> [PROBLEM DETAILS]
Take the records below and retype them line by line, from the first line through the one containing "<FigureHere>"; stop there.
** Opening DATA block **
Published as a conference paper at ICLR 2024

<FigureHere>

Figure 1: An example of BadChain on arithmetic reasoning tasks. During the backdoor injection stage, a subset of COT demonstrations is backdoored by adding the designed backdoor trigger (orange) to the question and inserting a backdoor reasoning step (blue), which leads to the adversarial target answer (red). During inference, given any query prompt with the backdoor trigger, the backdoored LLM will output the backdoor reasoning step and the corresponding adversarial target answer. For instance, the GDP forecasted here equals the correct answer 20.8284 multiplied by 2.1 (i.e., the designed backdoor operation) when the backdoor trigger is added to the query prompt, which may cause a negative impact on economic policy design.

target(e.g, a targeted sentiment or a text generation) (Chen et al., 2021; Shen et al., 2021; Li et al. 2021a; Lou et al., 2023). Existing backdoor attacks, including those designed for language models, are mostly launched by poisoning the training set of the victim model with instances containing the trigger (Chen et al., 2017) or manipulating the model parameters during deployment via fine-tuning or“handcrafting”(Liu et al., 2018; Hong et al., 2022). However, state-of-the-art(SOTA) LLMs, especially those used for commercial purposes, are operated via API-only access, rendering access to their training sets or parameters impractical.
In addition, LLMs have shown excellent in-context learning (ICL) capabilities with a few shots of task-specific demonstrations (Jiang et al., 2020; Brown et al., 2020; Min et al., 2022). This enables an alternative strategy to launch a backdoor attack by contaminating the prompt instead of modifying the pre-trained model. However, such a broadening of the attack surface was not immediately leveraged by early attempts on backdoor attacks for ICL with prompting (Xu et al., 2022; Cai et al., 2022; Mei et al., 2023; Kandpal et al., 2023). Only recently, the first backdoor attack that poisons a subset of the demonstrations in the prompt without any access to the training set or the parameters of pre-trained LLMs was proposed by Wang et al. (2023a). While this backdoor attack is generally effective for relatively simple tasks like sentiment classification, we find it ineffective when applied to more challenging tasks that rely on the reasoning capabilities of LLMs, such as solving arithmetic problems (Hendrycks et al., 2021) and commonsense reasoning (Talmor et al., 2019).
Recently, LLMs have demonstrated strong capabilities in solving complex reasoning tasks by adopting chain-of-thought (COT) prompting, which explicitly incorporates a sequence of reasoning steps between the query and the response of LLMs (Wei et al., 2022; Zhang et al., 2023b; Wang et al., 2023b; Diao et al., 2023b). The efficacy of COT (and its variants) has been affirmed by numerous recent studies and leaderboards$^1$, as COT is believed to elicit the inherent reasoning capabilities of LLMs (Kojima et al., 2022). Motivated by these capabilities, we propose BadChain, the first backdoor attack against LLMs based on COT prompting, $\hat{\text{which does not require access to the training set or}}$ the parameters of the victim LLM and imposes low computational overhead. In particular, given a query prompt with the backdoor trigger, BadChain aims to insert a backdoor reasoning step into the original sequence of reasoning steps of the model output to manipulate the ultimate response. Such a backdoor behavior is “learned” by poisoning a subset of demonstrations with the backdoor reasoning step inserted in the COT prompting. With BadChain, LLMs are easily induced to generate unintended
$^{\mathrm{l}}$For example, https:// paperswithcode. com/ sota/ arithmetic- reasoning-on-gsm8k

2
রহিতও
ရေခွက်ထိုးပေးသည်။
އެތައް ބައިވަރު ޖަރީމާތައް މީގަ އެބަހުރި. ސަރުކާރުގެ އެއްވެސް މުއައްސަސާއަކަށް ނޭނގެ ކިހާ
** Closing DATA block **
> [EXERCISE OUTPUT]
Published as a conference paper at ICLR 2024

<FigureHere>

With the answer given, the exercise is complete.